The Times of London announces that it has 105,000 paying customers to its digital editions since it started charging for access this summer – a number that’s either encouraging or dismal, depending on which side of the paid/free content side of the ideological debates you’re on. And proving once more that there’s lies, damned lies, and circulation statistics.
Robert Andrew at Paid Content dissects the numbers, including pointing out that the numbers are cumulative totals for four months and that they include all digital products – such as the iPad and Kindle – and not just the website. So those numbers may not be as much as they seem. Still, the Times says about half – 50,000 – are monthly subscribers, which could mean they’re bringing in 400,000 pounds a month now. Not small potatoes.

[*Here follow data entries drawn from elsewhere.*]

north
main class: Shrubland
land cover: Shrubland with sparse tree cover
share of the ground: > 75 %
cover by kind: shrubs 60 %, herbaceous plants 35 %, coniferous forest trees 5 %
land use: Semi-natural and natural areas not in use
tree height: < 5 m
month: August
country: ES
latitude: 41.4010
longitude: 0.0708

The big question, to us on the outside, is whether the reduction in advertising-exposed eyeballs associated with a traffic drop of this scale is, or will, being made up by paying customers. But we didn’t even know how much News International was making from digital before the switch; the publisher doesn’t break it out.
And he makes a broader, more important point:
Accepting that sustainable revenue – and not sky-high audience figures – are now the metric on which to judge, then the small subscriptions base at least offers hope of recurring customer income.

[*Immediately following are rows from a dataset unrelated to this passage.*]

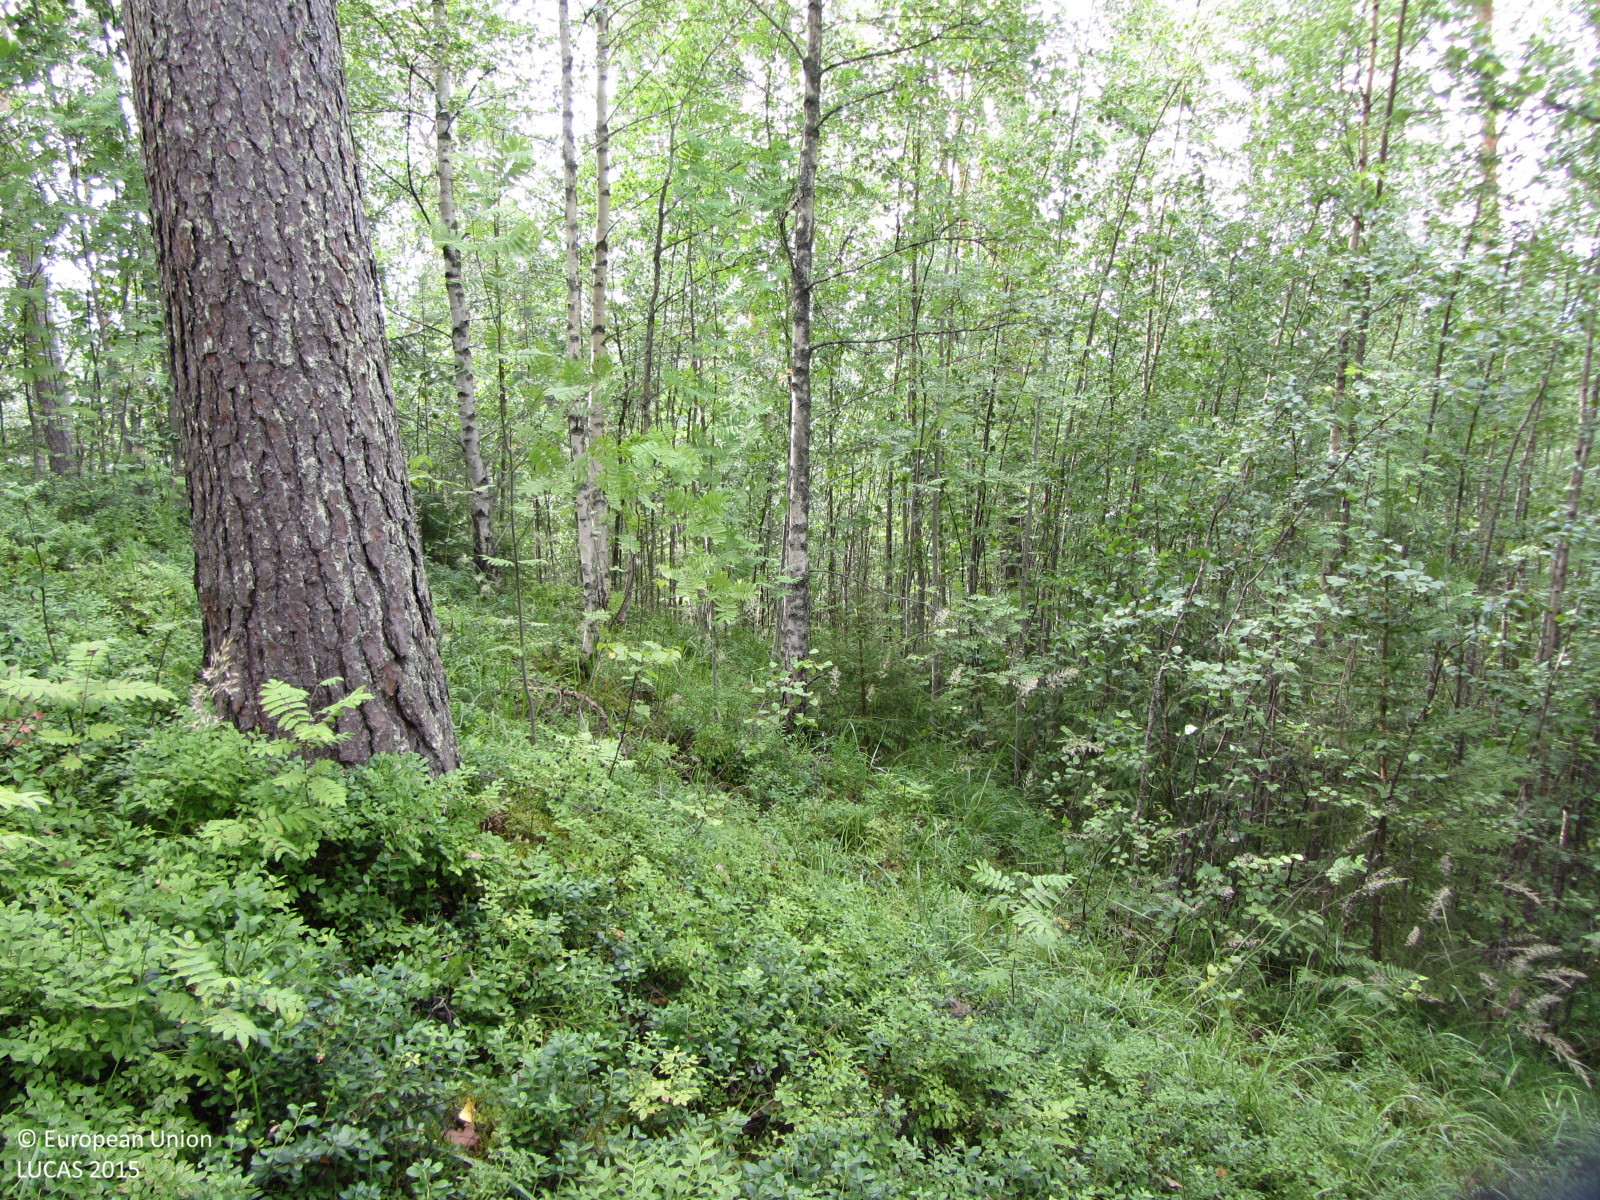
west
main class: Woodland
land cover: Pine dominated mixed woodland
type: boreal forest
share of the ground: 50 - 75 %
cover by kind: broadleaved forest trees 35 %, shrubs 35 %, coniferous forest trees 25 %, herbaceous plants 5 %
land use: Forestry
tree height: > 5 m
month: August
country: FI
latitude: 60.6581
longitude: 24.6527

The metrics do change, and perhaps substantially. It’s not just whether subscription revenue can substitute for online ad revenue (perhaps) or for print ad revenue (unlikely); it’s that it’s a different kind of revenue, and a different kind of model.
For one thing, subscription revenue is steady. It’s hard to get subscribers, but when you get them, you tend to get a regular, continuing stream of income on a fairly predictable basis.

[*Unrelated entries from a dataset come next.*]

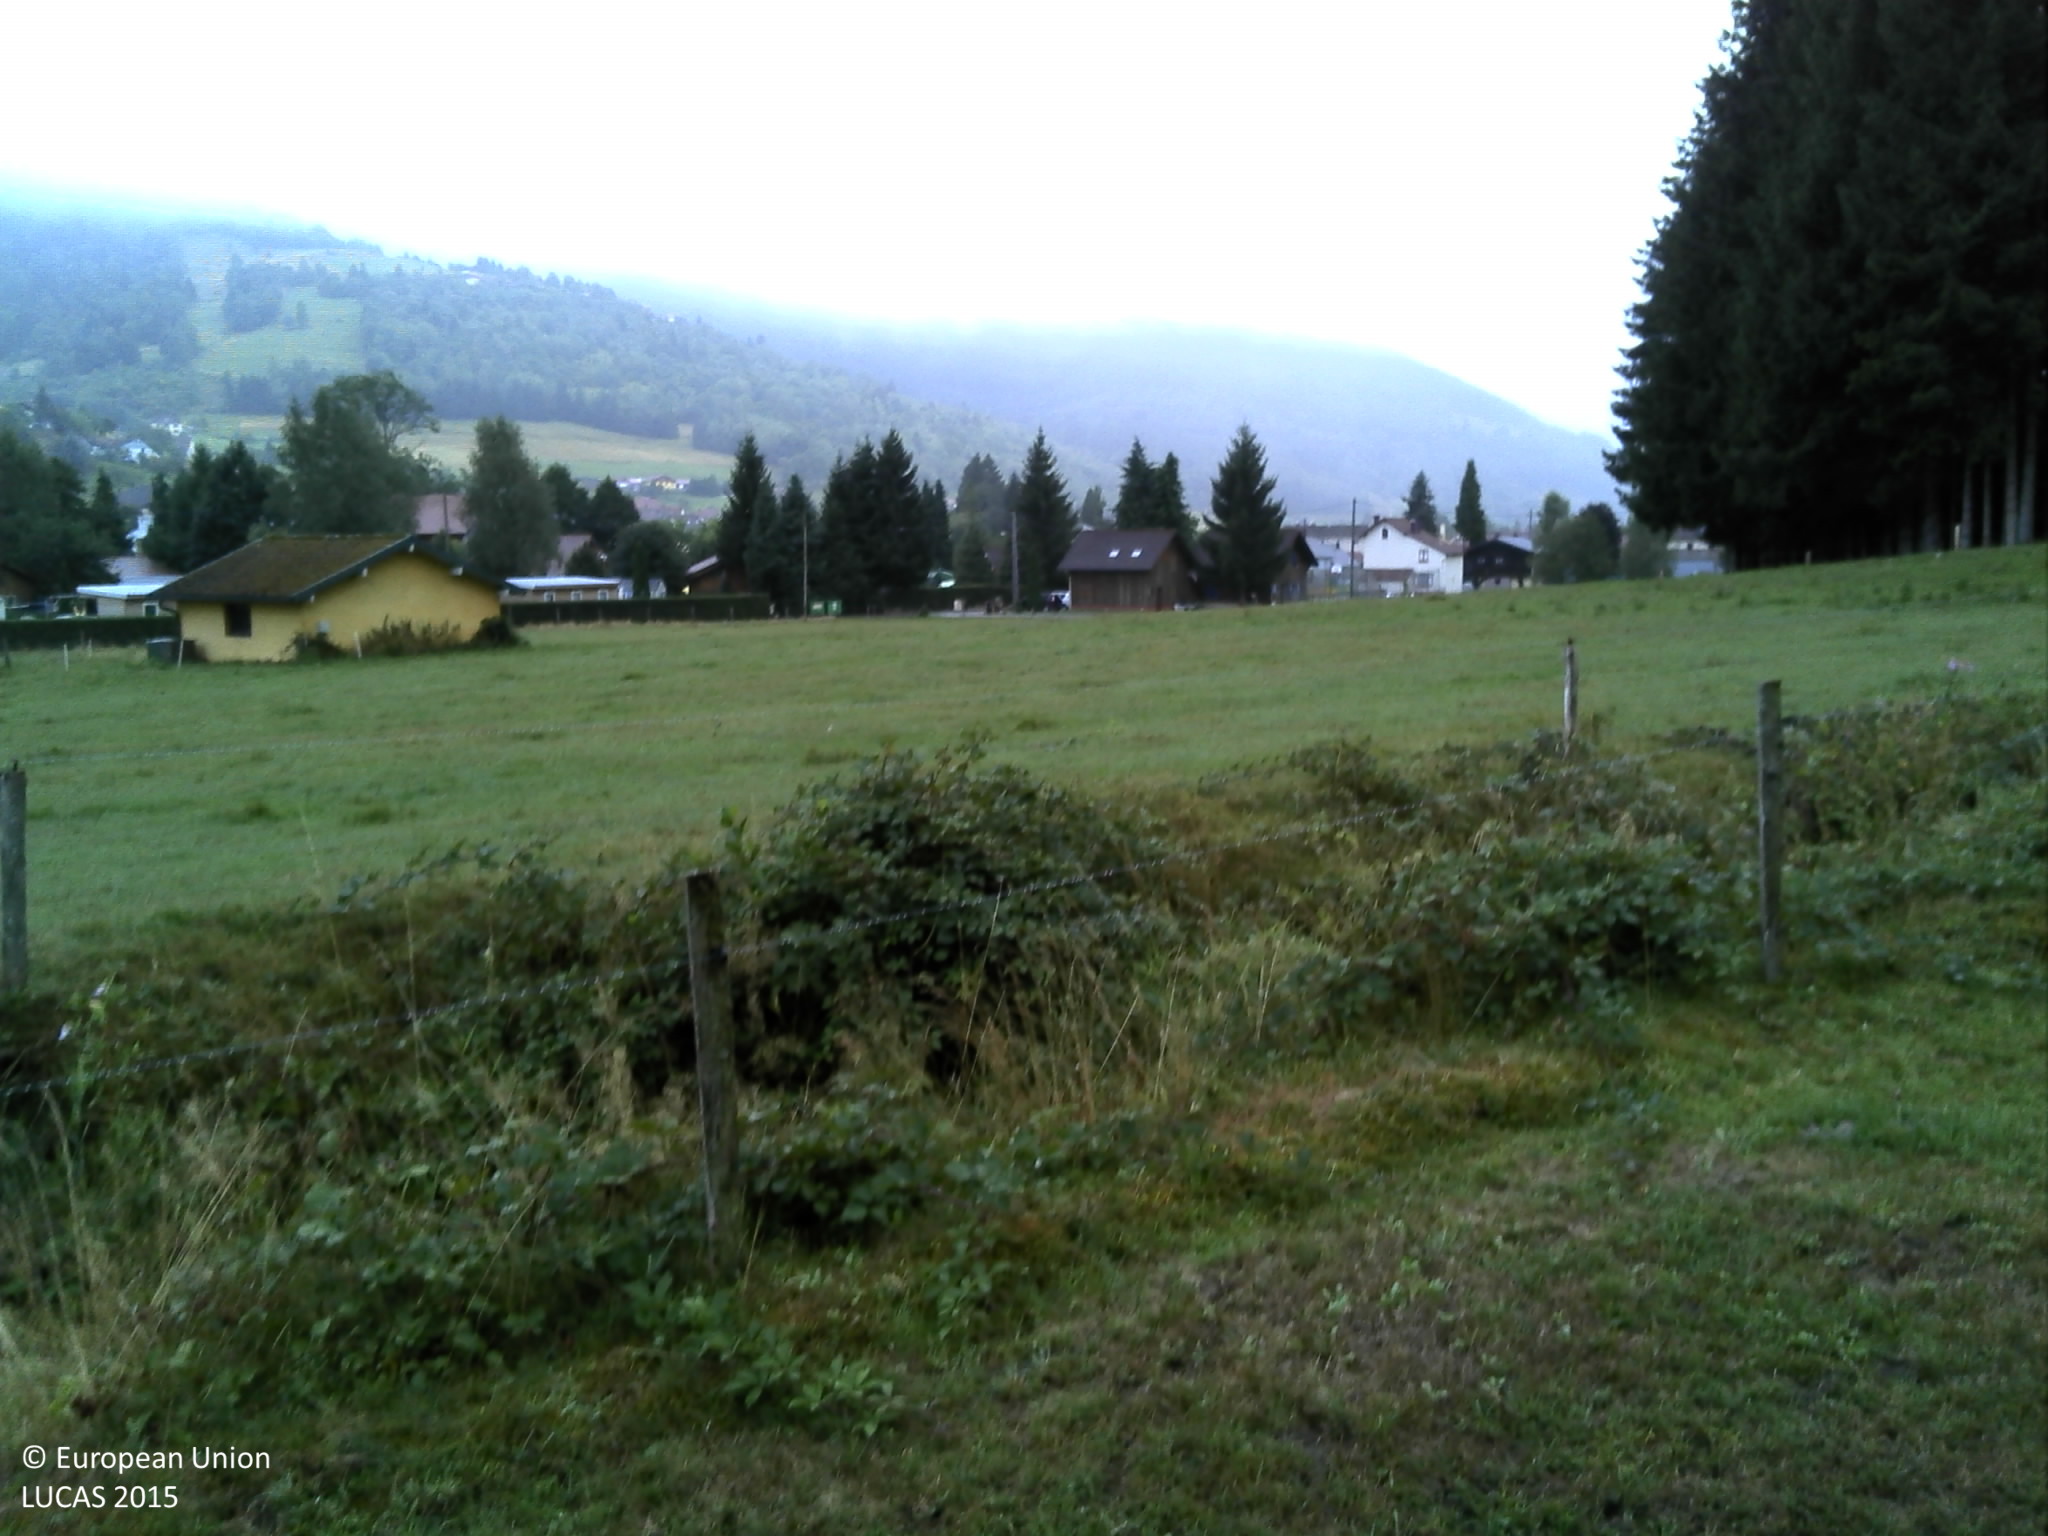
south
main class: Grassland
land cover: Grassland without tree/shrub cover
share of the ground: > 75 %
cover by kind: herbaceous plants 100 %
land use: Agriculture (excluding fallow land and kitchen gardens)
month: August
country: FR
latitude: 47.8907
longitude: 6.8583

You get – or should get – more information about your readers/users. That matters not only in terms of getting higher ad rates, but in terms of building a better relationship with them, and hopefully developing other products that they might want, or in being able to extract more revenue out of them.
You think about your product differently. Or you should. Rather than chasing traffic, you start thinking more about your subscription base (or potential subscription base) and what they might want. You might start segmenting them into thinner slices, or you might want to broaden out a tad to bring in a large potential pool of readers just outside your core group.
Freesheets are run differently from premium newsletters – and so free sites should be from paid sites. Whether the Times will be successful at it is another question, but as Paid Content notes, it’s a philosophical shift. And as more sites go paid – or hybrid, ala the FT or WSJ – we might expect to see the online experience change as well.
Finally, I can’t help but note that the New York Times, which also plans to start putting some its content behind a wall, notes somewhat churlishly in its story about the Times of London that
The conventional wisdom among media analysts has been that it will be difficult to persuade readers to pay for general news online, given the panoply of free news available on the Web.
But, some specialty publications in areas like business and finance have had modest success with paid access.
It points to the FT, which has 189,000 paying customers as an example of said modest success. But it omits to mention wsj.com, which at last count had more than a million subscribers signed up. Modest success, indeed.